- [What the exercise asks]
Only the lines that contain the string "Gadebusch" belong in the answer; pull them from the records.

··· Records for the exercise

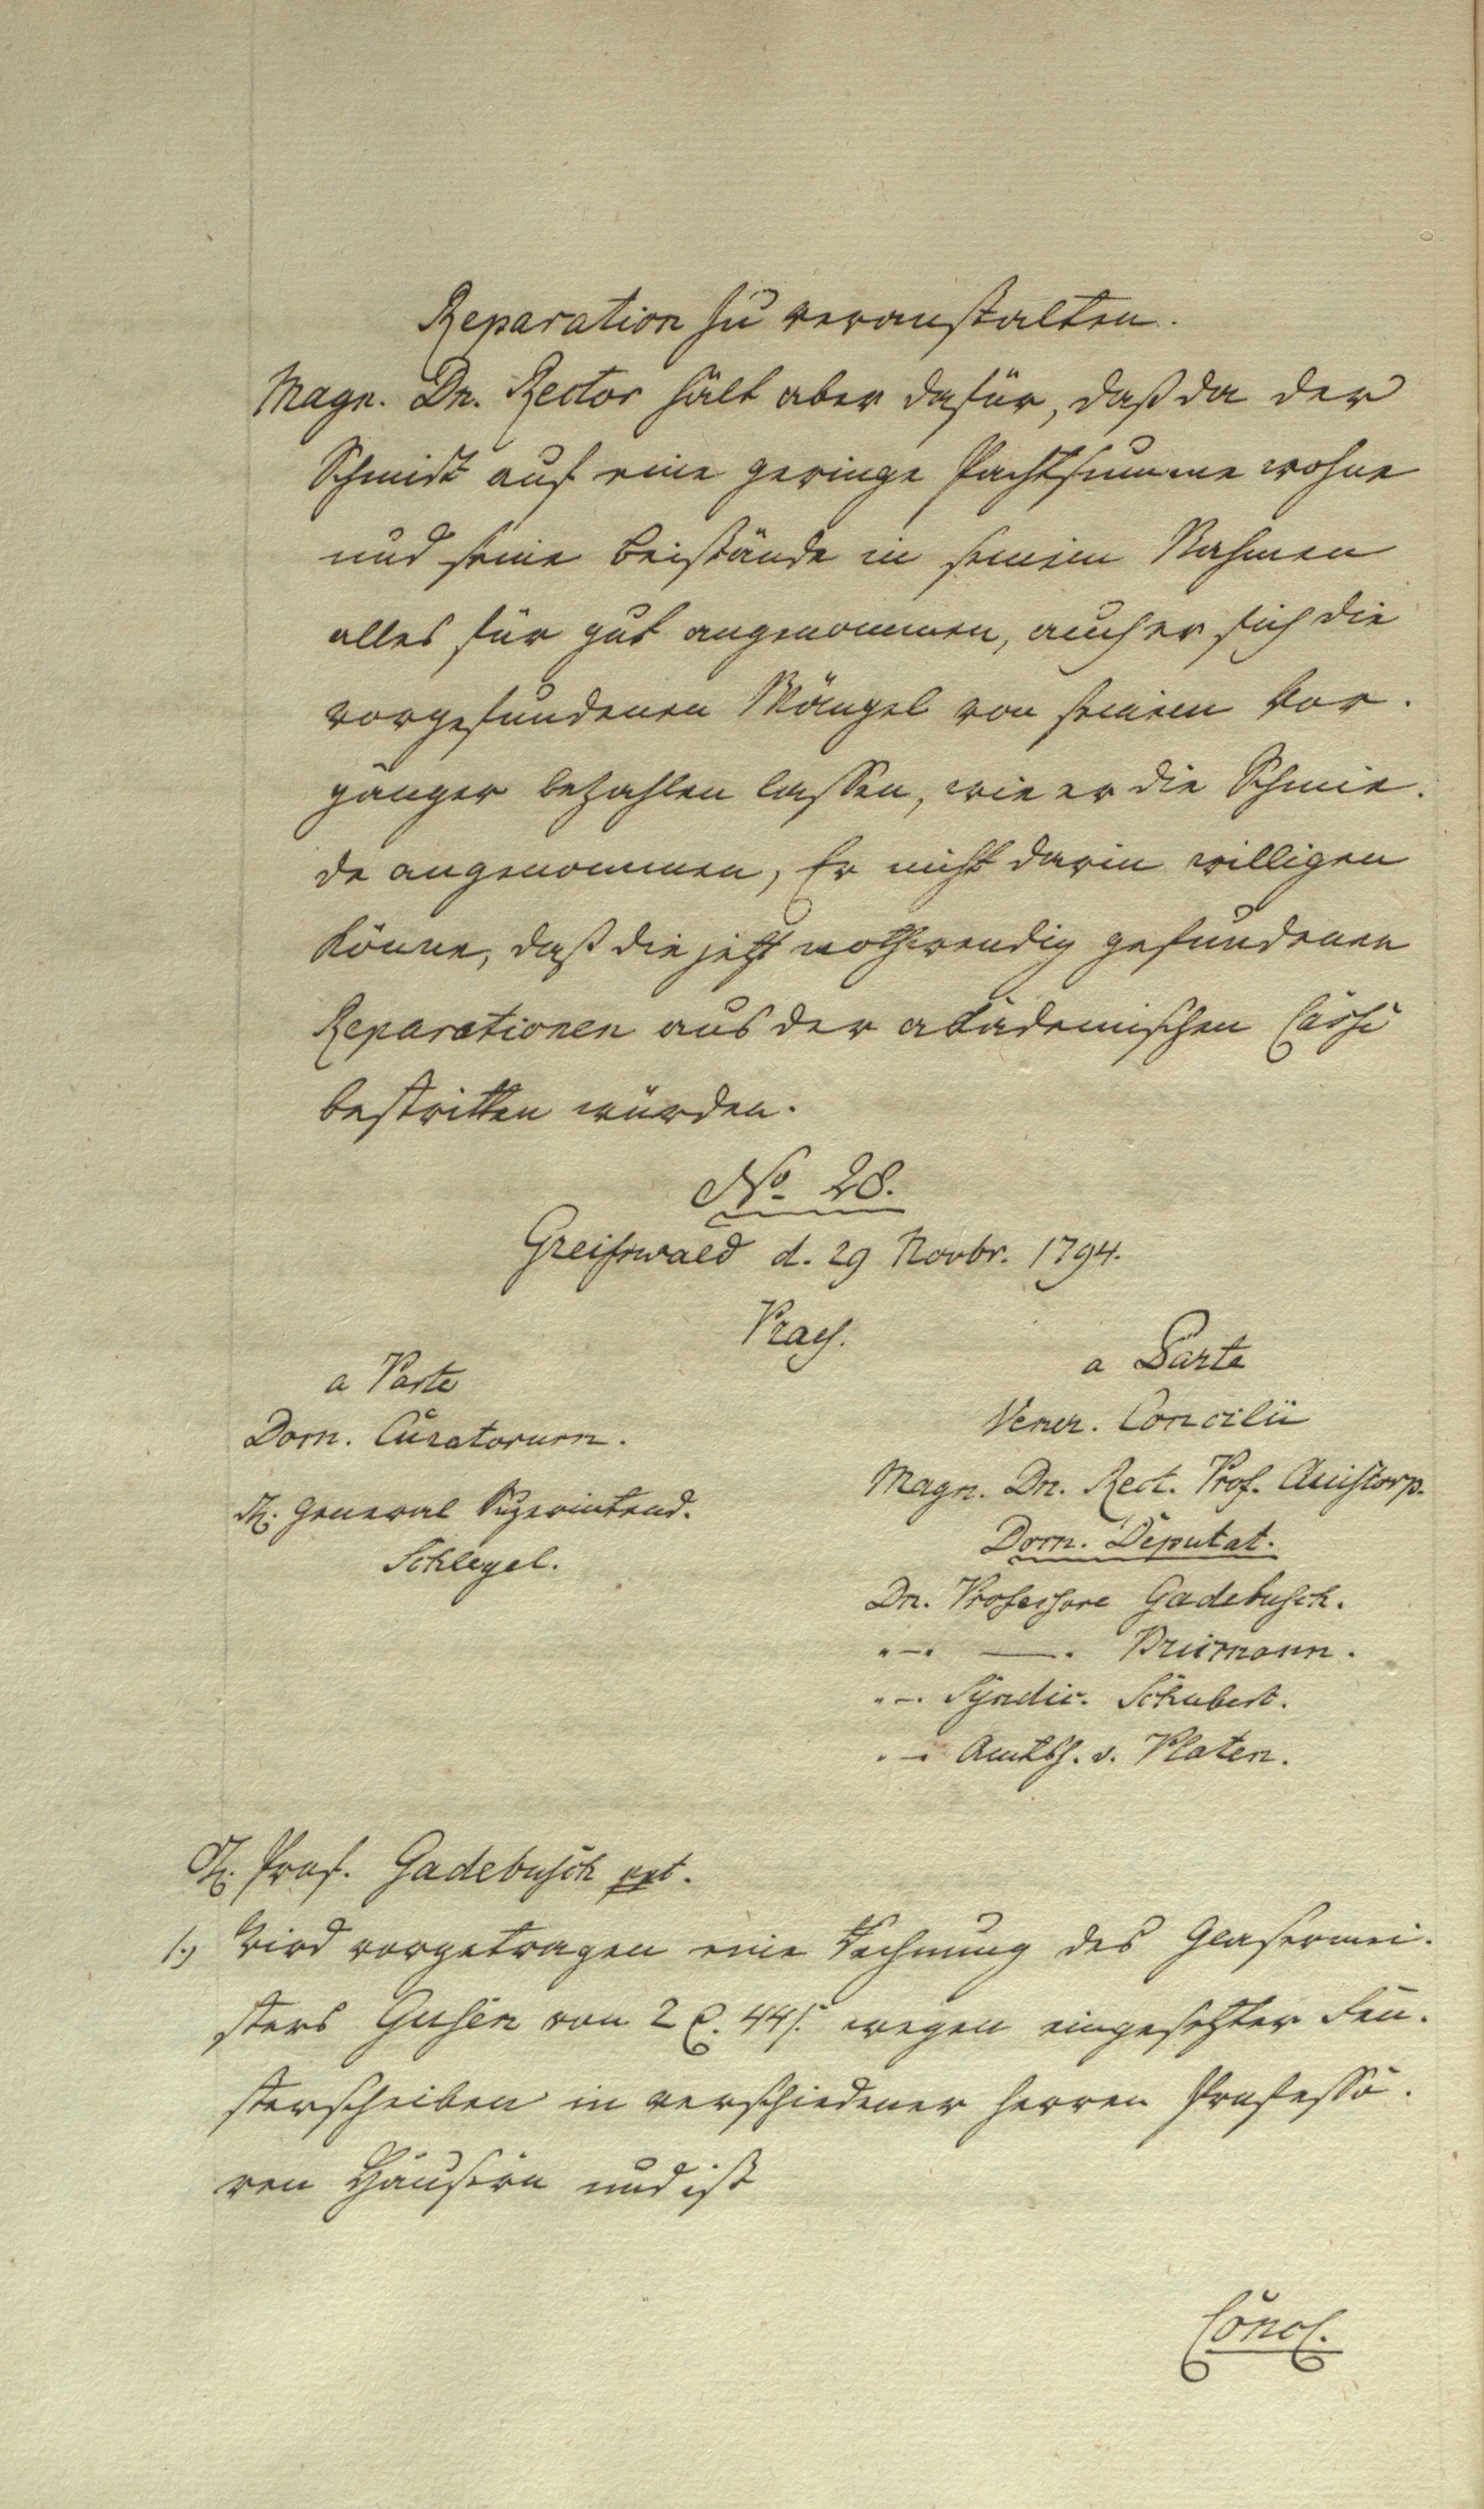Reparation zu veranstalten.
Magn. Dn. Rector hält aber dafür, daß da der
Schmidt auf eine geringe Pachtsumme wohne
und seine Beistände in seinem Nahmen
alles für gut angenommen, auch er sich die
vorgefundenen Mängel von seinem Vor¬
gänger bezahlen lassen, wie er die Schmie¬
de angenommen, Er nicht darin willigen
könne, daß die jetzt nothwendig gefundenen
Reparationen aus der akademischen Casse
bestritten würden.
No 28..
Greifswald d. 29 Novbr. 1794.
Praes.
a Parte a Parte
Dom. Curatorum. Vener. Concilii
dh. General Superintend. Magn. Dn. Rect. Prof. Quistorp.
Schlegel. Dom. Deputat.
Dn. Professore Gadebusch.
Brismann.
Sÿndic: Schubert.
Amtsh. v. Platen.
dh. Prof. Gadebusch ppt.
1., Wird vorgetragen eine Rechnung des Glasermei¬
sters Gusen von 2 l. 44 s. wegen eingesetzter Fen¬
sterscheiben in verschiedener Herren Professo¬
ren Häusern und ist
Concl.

······
··· Records for the exercise

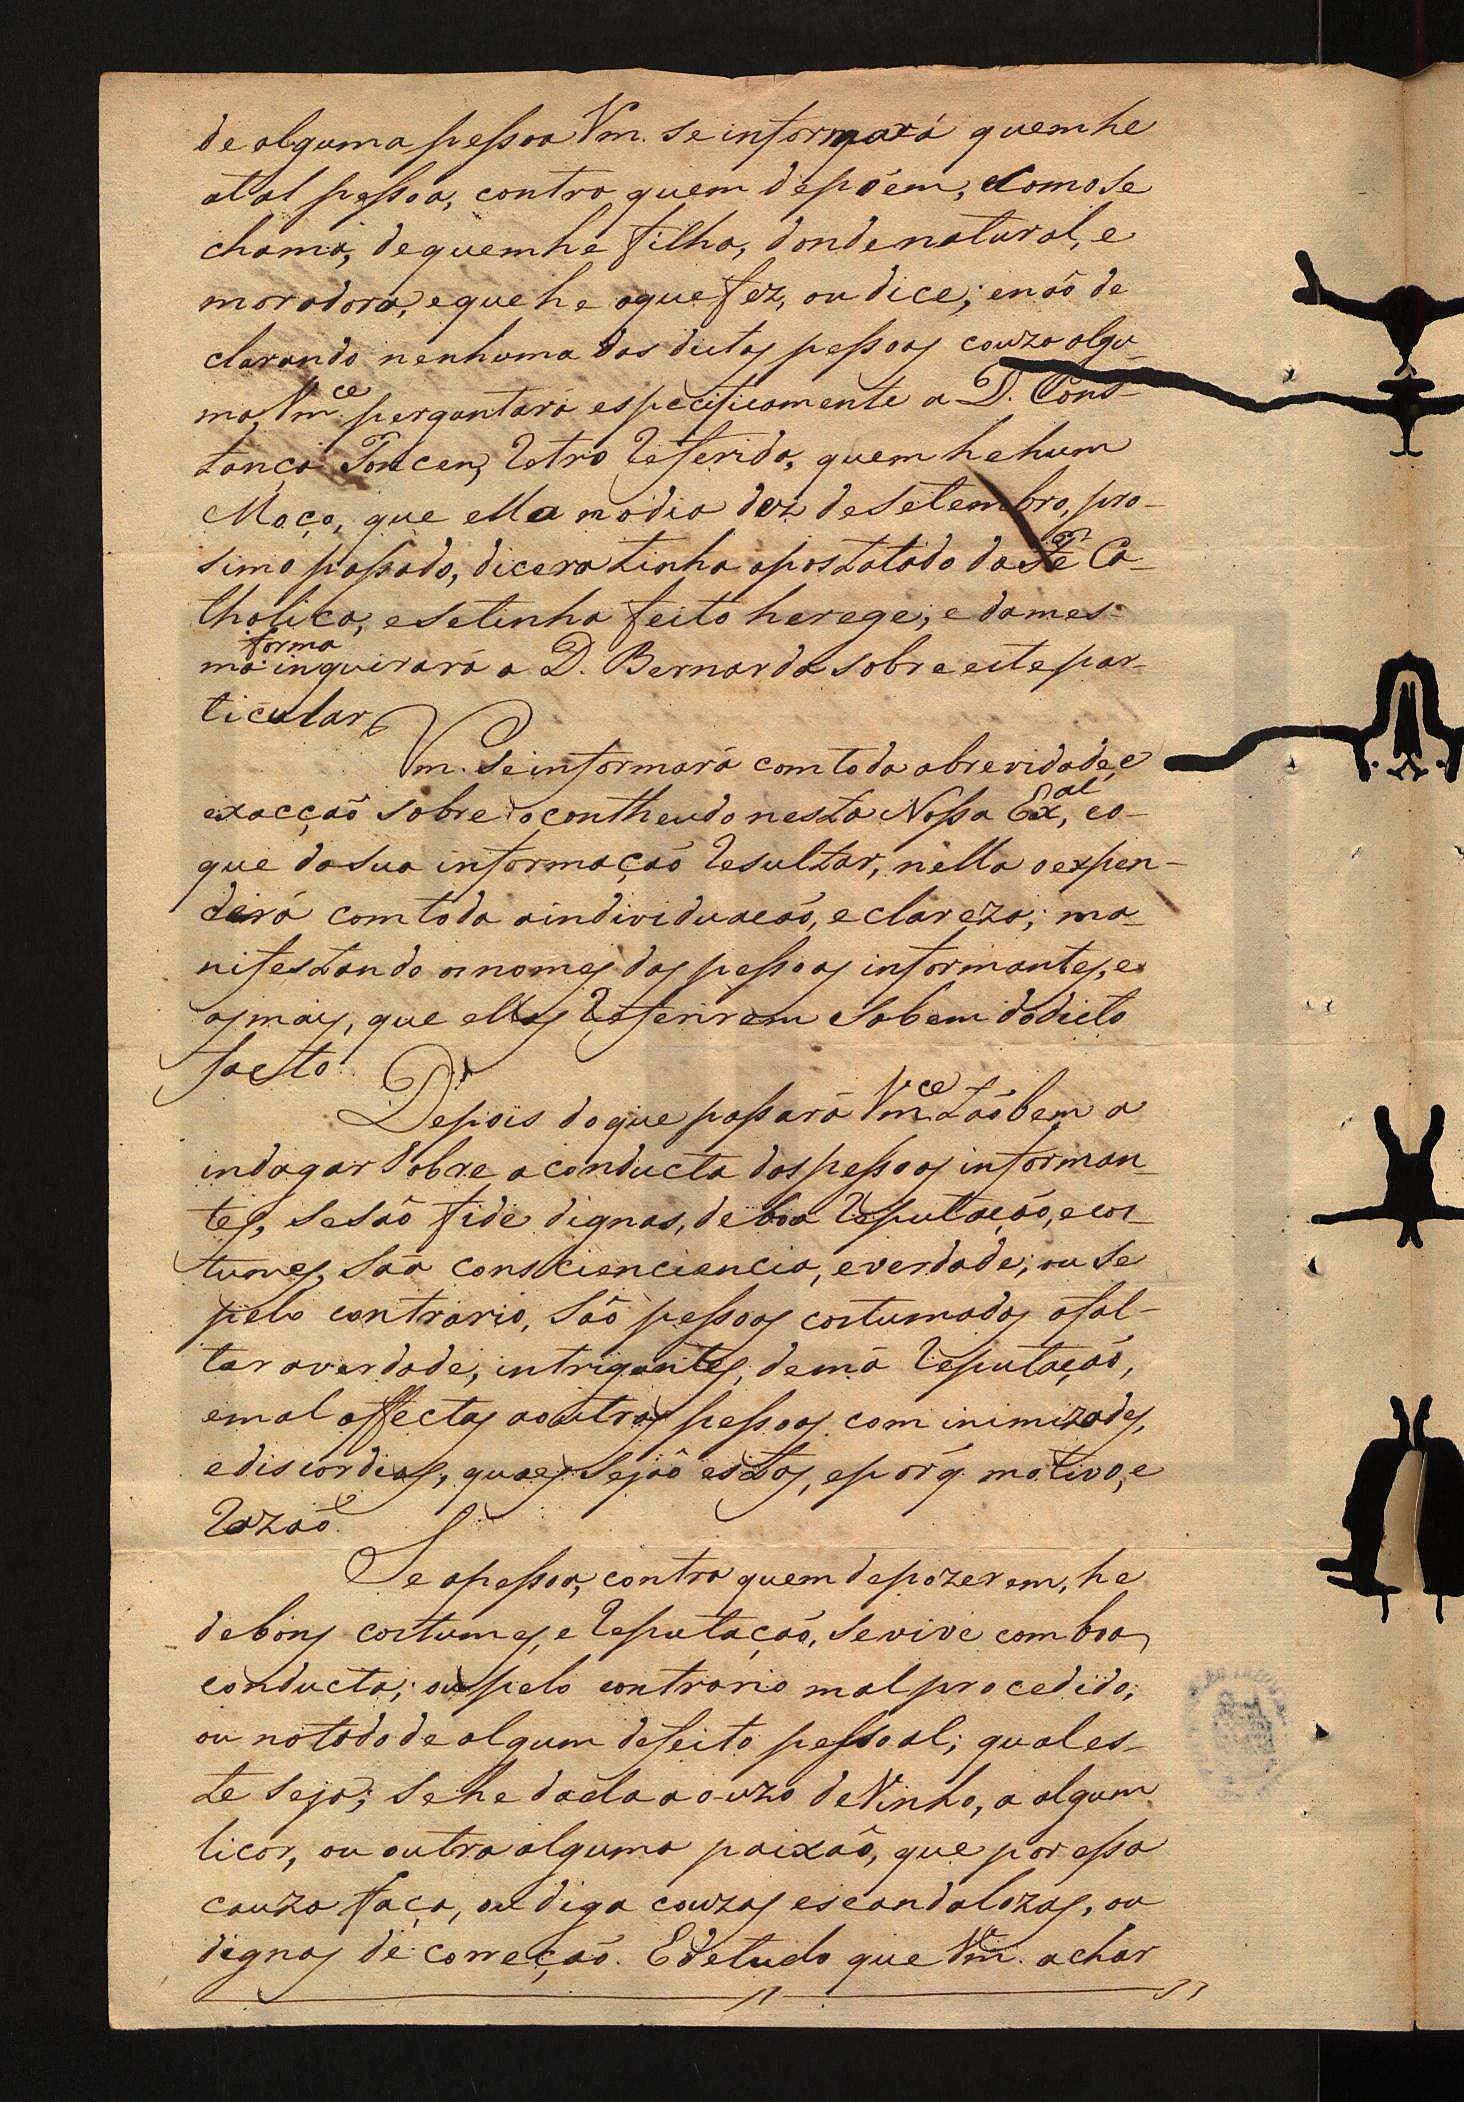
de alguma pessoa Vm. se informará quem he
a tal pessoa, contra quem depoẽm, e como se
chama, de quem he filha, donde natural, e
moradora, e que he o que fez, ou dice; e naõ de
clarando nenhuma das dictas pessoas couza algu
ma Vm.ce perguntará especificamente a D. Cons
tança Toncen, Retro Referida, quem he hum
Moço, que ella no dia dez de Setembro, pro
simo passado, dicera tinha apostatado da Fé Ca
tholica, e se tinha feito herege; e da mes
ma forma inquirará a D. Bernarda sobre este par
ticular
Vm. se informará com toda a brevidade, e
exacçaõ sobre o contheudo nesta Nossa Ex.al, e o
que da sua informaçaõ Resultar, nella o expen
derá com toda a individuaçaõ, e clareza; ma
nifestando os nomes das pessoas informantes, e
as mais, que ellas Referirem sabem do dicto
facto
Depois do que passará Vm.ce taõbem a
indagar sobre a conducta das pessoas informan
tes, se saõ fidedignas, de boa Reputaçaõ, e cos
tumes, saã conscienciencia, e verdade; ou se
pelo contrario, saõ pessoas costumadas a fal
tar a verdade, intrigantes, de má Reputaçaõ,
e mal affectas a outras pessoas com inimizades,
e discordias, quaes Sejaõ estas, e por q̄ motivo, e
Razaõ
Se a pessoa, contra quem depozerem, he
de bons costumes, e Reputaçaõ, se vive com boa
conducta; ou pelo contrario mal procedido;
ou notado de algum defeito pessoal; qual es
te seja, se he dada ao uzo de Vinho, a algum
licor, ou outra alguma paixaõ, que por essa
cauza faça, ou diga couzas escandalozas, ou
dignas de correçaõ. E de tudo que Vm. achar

······

- [Your response]
Dn. Professore Gadebusch.
dh. Prof. Gadebusch ppt.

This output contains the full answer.